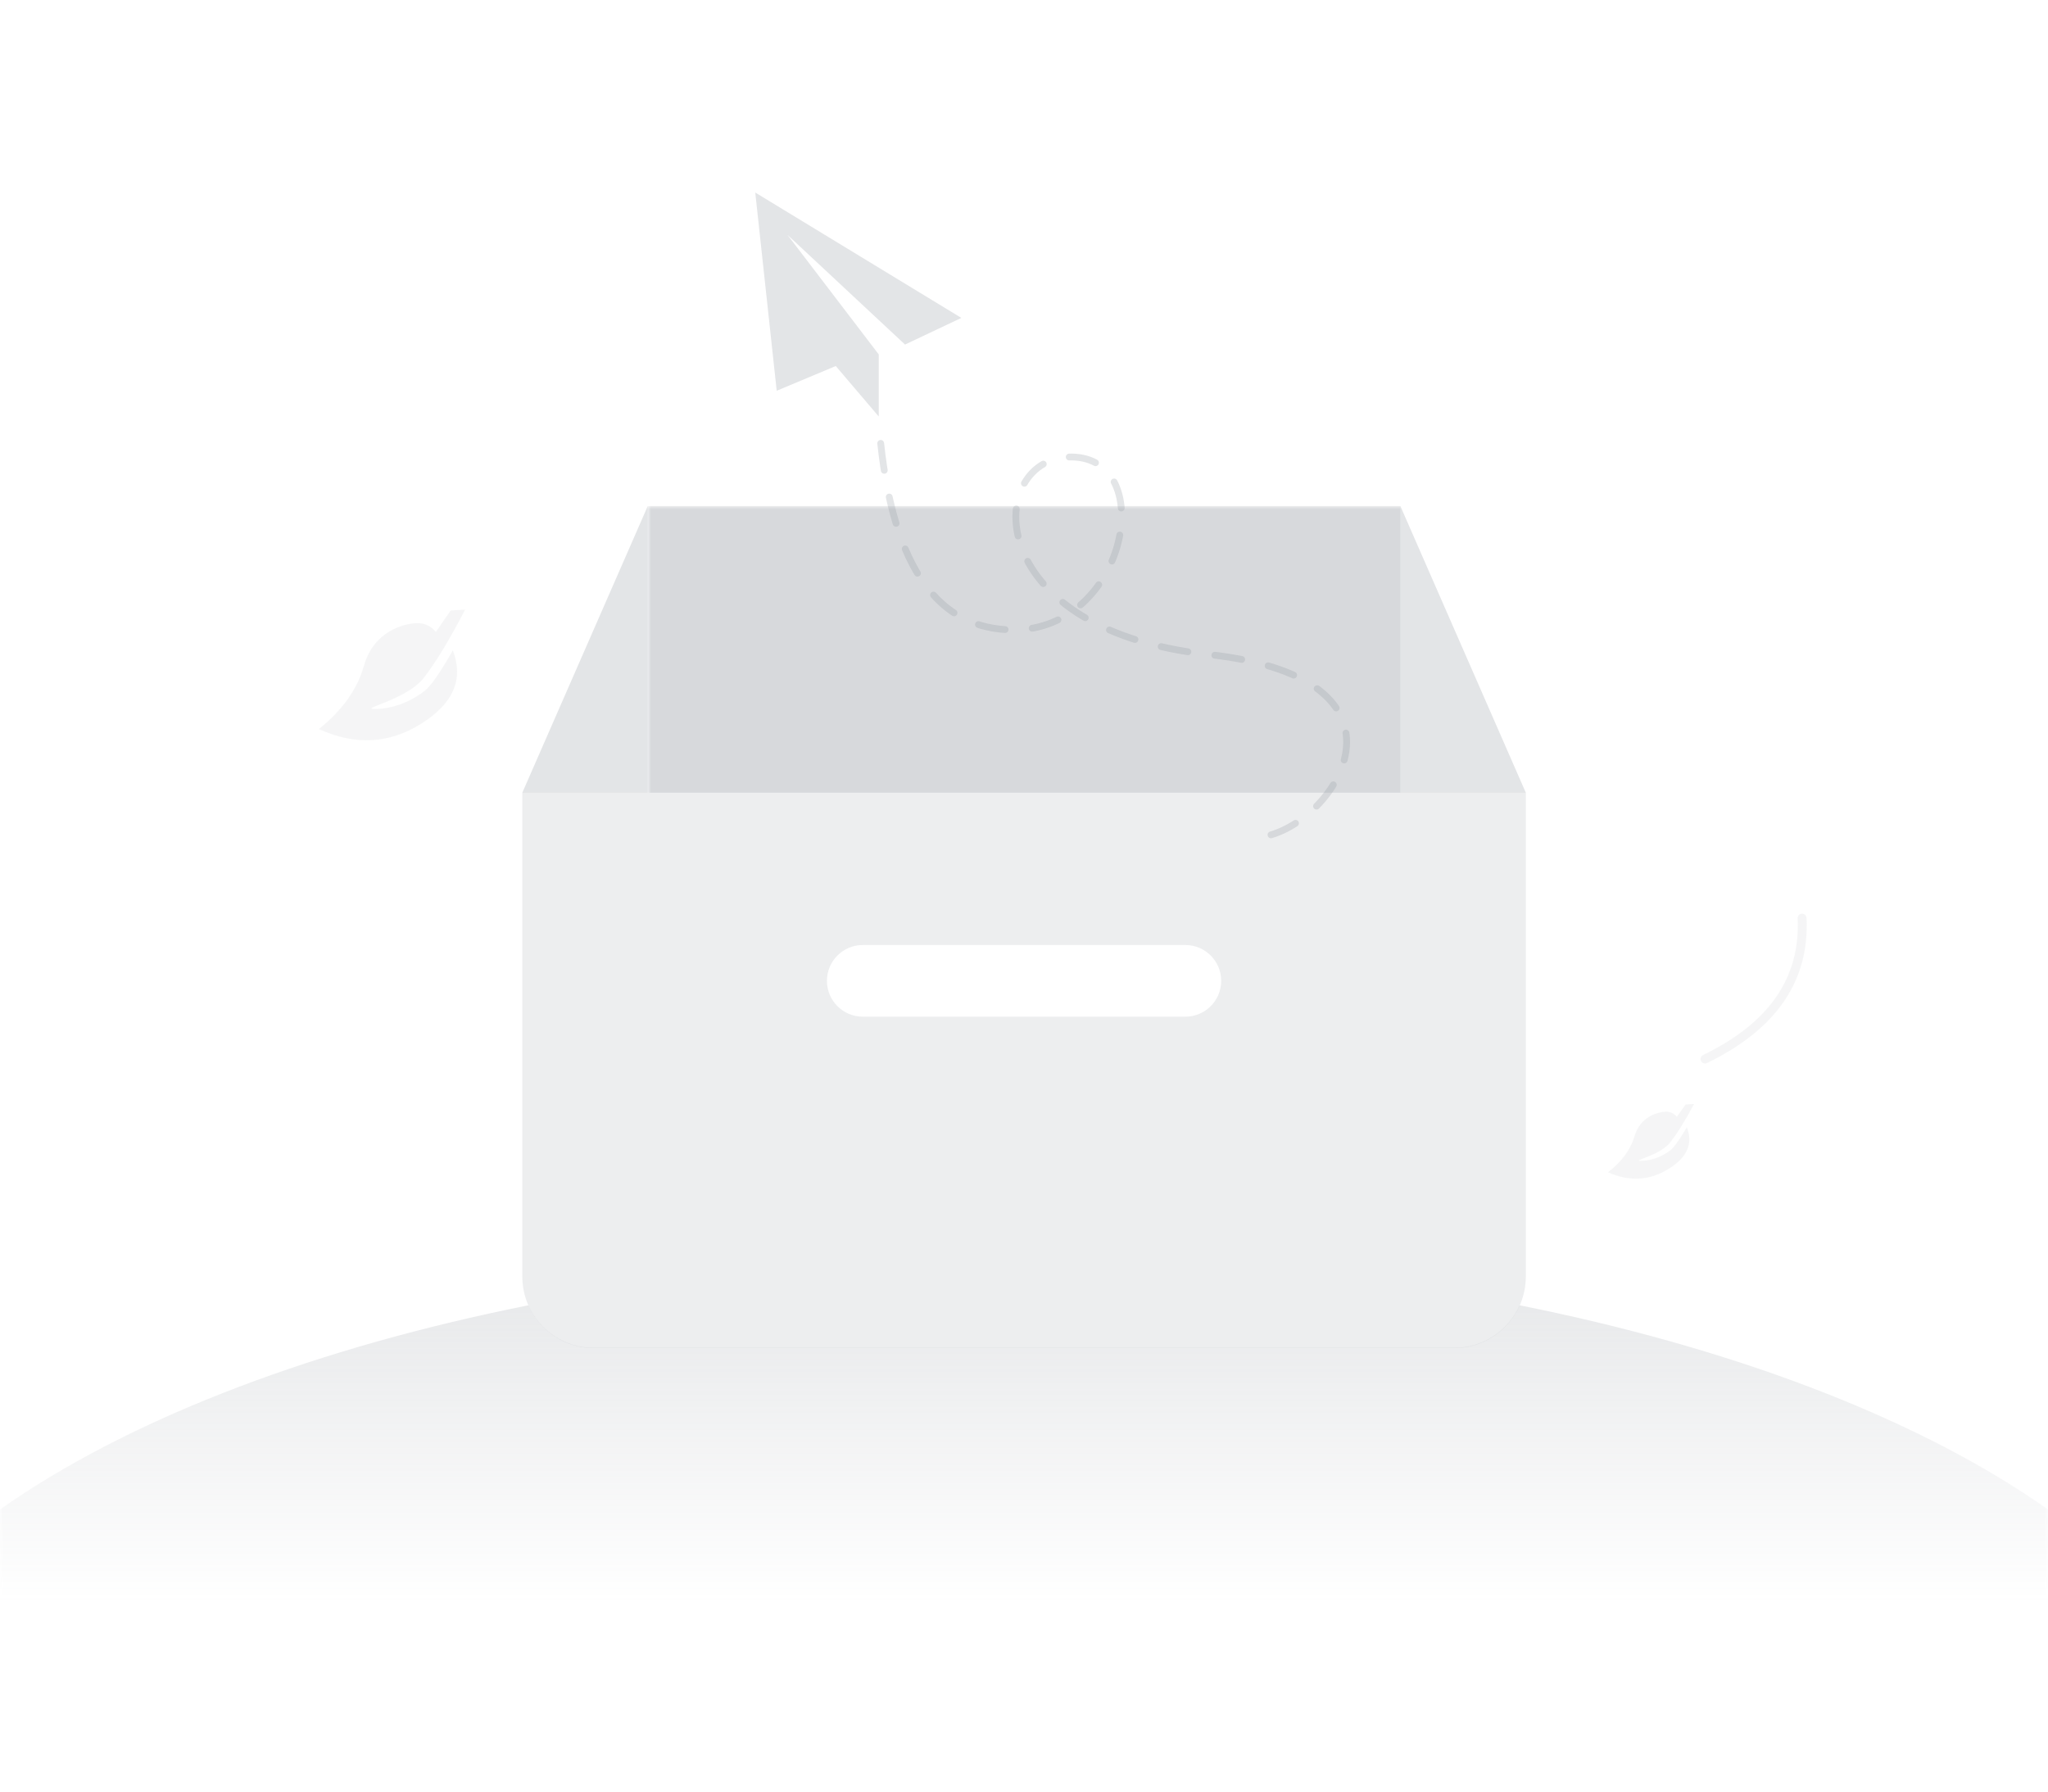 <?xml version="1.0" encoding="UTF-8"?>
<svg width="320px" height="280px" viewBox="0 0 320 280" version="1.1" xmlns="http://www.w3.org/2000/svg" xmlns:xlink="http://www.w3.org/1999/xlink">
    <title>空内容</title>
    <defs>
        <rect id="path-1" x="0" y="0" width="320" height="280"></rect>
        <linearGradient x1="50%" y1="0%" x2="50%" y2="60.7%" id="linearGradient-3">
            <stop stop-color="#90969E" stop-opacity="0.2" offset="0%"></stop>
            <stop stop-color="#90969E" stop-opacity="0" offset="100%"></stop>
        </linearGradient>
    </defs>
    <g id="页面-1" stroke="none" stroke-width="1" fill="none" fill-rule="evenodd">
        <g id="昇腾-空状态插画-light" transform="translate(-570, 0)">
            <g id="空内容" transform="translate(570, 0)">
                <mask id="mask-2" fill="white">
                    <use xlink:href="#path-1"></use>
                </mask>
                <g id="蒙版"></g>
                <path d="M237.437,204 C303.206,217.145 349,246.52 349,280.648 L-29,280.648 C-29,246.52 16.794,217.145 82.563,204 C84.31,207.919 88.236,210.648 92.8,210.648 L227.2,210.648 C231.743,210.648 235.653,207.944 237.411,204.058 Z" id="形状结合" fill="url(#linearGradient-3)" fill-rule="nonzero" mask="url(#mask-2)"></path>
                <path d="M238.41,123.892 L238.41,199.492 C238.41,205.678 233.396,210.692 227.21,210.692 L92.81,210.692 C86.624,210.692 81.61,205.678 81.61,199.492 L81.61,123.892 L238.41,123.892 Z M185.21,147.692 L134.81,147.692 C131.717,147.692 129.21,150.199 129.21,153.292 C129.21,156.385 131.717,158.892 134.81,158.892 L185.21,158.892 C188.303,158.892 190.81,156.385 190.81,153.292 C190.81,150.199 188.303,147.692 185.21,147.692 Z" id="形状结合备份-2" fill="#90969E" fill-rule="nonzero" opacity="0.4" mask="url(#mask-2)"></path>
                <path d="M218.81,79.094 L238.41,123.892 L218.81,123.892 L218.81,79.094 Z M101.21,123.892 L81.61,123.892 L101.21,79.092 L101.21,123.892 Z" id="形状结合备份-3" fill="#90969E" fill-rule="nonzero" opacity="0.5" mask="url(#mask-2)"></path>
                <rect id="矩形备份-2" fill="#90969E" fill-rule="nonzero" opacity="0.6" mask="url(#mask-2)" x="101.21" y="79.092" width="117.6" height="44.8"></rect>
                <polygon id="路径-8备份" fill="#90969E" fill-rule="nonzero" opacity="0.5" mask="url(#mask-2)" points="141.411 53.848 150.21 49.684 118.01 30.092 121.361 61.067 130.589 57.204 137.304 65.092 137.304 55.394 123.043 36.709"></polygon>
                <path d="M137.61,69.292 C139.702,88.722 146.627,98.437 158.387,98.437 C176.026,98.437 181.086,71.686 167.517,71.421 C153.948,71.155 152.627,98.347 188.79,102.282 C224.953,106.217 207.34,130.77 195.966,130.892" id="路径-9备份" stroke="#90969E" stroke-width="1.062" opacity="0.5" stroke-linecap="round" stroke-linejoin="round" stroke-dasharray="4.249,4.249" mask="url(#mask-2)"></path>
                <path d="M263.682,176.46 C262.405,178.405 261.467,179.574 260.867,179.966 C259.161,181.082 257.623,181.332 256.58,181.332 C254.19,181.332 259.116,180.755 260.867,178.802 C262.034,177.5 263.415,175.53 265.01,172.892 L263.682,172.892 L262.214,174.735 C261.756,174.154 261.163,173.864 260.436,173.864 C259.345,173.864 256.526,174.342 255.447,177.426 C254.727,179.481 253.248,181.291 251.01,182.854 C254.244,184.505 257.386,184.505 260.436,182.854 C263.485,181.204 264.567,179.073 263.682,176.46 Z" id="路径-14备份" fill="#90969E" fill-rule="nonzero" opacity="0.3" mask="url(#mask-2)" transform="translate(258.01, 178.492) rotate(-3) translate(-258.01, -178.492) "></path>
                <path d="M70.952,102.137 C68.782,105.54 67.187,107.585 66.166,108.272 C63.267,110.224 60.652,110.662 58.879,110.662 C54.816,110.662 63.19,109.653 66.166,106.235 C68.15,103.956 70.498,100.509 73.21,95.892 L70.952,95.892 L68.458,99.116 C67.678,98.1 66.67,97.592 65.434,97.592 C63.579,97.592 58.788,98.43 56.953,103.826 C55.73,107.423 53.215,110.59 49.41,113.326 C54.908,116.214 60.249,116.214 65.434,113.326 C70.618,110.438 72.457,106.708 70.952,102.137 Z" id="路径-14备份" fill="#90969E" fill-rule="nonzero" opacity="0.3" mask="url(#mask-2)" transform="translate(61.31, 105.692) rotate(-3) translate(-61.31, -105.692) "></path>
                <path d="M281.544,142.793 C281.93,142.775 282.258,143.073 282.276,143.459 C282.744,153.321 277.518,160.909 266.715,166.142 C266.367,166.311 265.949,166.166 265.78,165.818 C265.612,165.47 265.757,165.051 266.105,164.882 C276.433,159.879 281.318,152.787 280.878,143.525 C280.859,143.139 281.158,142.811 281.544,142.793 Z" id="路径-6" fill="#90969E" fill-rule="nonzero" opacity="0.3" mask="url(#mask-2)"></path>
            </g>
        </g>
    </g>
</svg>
--------------------------------------------------
(Task objective): Search the data above for the string "xlink" and return every line that has it.

(Solved problem):
<svg width="320px" height="280px" viewBox="0 0 320 280" version="1.1" xmlns="http://www.w3.org/2000/svg" xmlns:xlink="http://www.w3.org/1999/xlink">
                    <use xlink:href="#path-1"></use>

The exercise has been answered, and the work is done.